The object of his tribute smiles shyly and looks away. Both her parents are at the table, eating lunch at Denny's in Wayzata. So are the program director of her group home, her boyfriend's conservator (a kind of court-appointed guardian), and an employee from his residence. This clan gathering has been convened to speak with City Pages about the most personal of all connections between Sarah Marie George and James McKune: their love.

If it were you, you might feel trapped in a Eugene Levy scene from American Pie. McKune, however, seems used to talking about such things with strangers, while George escapes the hot seat to concentrate on her food. Both depend in practical ways on the people sitting around them today. The two rarely go out on dates without accompaniment; they live in different suburbs and can't drive or navigate the bus system. Both have developmental disabilities: George was born with Down's syndrome and she requires help with such tasks as dialing the phone to call her boyfriend. McKune has a mild intellectual disability but he can call George without assistance.

Michael Dvorak

Both are adults: James McKune, at age 64, is the oldest one here, his gray hair thick enough to sweep romantically to the side. Sarah George is 31. ("Boy, that's not bad," James quips.) Yet the two are not their own guardians (or conservators), which makes their most personal life choices a social decision.
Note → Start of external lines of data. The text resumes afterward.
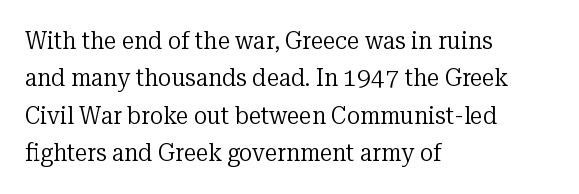
The image shows 25 px text type, upright; set left-aligned, normal line spacing (1.5x), normal letter spacing, not underlined.
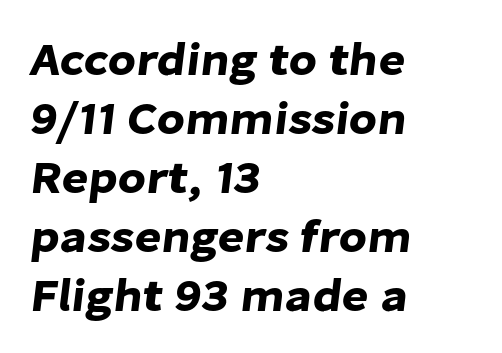
Q: Is the typeface a serif or a sans-serif typeface? A: Sans-serif.
Q: Is the text underlined? A: No.
Q: How is the paragraph aligned? A: Left-aligned.
Q: Is the spacing between letters normal or unusually wide? A: Normal.
Q: Is the spacing between lines tight, normal or loose? A: Normal.
Q: Width (condensed, normal, or wide)? A: Normal.
Q: Stroke contrast? A: Low.
Q: x-height? A: Medium.
Q: Monospaced? A: No.
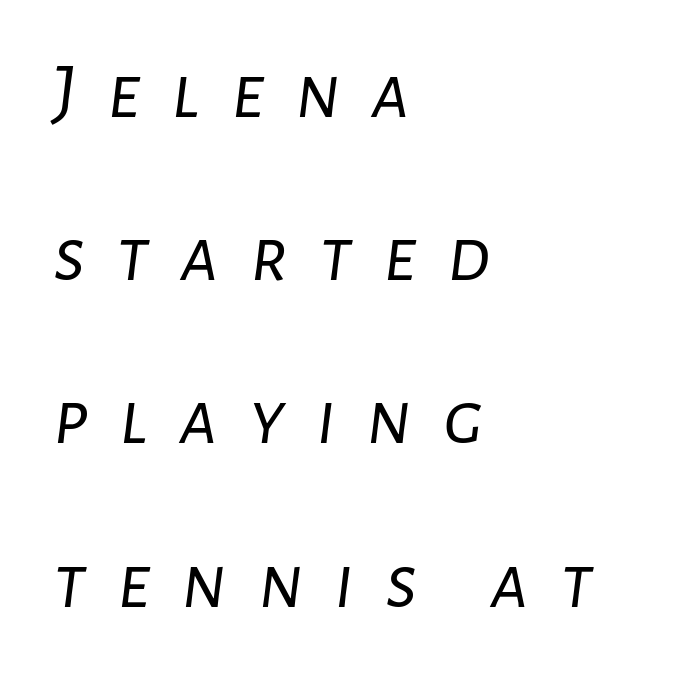
The image shows 80 px light type, italic (leaning right); set left-aligned, loose line spacing (2.04x), unusually wide letter spacing (+0.38 em), not underlined; low stroke contrast and a medium x-height.
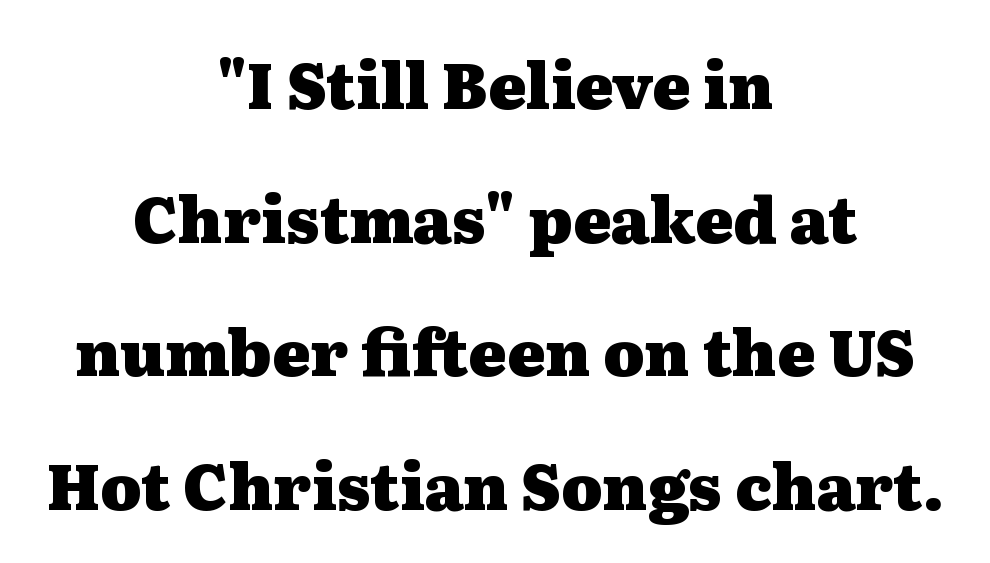
{"serif": "yes", "italic": "no", "bold": "yes", "weight": "heavy", "width": "wide", "stroke_contrast": "medium", "x_height": "medium", "monospaced": "no", "underline": "no", "align": "center", "line_spacing": "loose", "line_spacing_ratio": 2.12, "letter_spacing": "normal", "letter_spacing_em": 0.0, "glyph_px": 63}
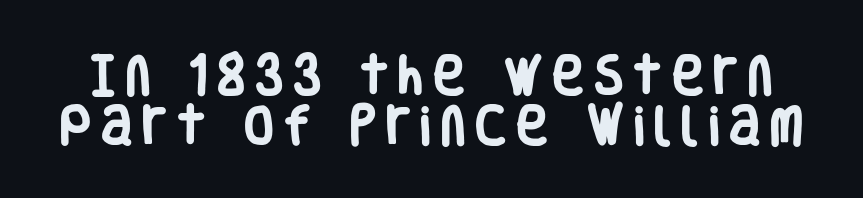
The passage shown is typeset with a sans-serif family. In terms of posture, this sample is upright. Set as a true bold cut, around the 700 mark. Tracking here is generous; glyphs stand well apart from one another. Looks like regular typesetting: each glyph gets only the width it needs. Honestly, there is no underline to notice here at all.
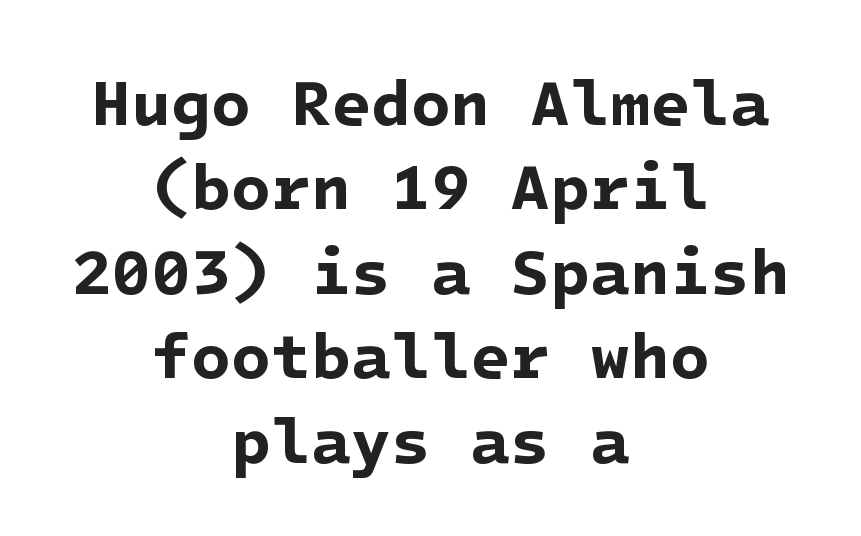
{"serif": "no", "bold": "yes", "weight": "bold", "width": "normal", "stroke_contrast": "low", "x_height": "medium", "underline": "no", "align": "center", "line_spacing": "normal", "line_spacing_ratio": 1.3, "letter_spacing": "normal", "letter_spacing_em": 0.0, "glyph_px": 65}

Suddenly Sarah coughs. "You gonna be okay there, honey?" her companion asks, touching his hand on her shoulder.

This was how Sarah's mom, Sharon George, found the two when she first met James. She remembers the 1999 awards ceremony held by Opportunity Partners, where Sarah and James attend life-skills classes and perform manual-assembly tasks for pay. "When I got there, Sarah and James were sitting together waiting for me," Sharon says. "James cheered for every single person that got an award, and he was so proud of Sarah. Then we had a buffet lunch, and as we were waiting in line, he kept talking about what they should eat and shouldn't eat--that you shouldn't take the coffee

because it just made you nervous. We sat down, and he told me how lucky he was to have Sarah Marie as his girlfriend."

They've had relationships before, but never this serious. McKune and George go shopping; they exchange birthday cards; they celebrate holidays together. James makes taco dinners for her. On his day off, Wednesday, he meets the van that takes her to work and wishes her "a good morning, a good afternoon, and a good night," planting a kiss on her forehead. Last Valentine's Day, the couple slow-danced into the night at a party.

Those around George notice the change in her. "She'll start thinking about something and then say, 'I want to write a letter to James,'" says Cathy Miskowic, who is program director at the residence Sarah shares with two other people. Miskowic assists Sarah's romantic correspondence by transcribing what Sarah wants to say, then printing it clearly so Sarah can copy it in her own writing. "It's a good motivator, you know: 'You want to go to bed so that your eyes aren't puffy for James tomorrow.' Sarah doesn't like to waste time sleeping."

Still, Sarah is adept at stating what she wants and doesn't want from people, James included. "She'll say, 'I want to go to the dance,' and then we have to figure out what dance," Miskowic laughs. "And there was a period a year and a half ago when she didn't want to see him for a month or so."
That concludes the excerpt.